- _What the task asks_
All lines holding the string "Free" should be copied from the data below.

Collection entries
-.-.-
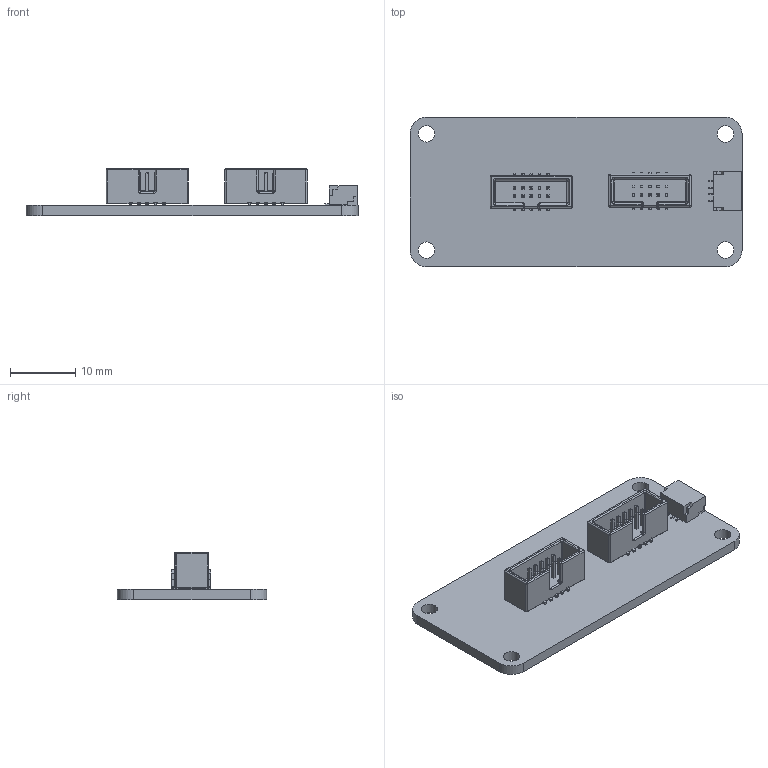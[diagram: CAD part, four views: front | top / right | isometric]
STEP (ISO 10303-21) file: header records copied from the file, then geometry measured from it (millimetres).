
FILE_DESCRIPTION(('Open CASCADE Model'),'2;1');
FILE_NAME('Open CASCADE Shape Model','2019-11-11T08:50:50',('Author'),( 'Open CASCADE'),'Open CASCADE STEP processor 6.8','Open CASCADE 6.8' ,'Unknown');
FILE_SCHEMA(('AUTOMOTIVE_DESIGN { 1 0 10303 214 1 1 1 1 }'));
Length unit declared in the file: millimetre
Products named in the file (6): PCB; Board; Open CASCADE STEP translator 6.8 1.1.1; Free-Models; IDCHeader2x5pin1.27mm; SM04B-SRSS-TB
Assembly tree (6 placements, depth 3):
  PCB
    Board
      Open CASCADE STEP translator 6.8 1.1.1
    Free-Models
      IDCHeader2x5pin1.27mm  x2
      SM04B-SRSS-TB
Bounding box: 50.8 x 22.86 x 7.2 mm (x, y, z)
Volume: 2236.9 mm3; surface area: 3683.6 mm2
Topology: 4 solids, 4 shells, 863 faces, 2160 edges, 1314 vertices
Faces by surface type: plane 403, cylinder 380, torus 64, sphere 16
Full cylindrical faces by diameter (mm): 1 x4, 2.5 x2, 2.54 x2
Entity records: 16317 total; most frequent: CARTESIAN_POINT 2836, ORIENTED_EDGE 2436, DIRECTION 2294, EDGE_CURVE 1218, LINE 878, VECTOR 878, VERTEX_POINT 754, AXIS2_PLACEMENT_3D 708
-.-.-
- _Your response_
Products named in the file (6): PCB; Board; Open CASCADE STEP translator 6.8 1.1.1; Free-Models; IDCHeader2x5pin1.27mm; SM04B-SRSS-TB
    Free-Models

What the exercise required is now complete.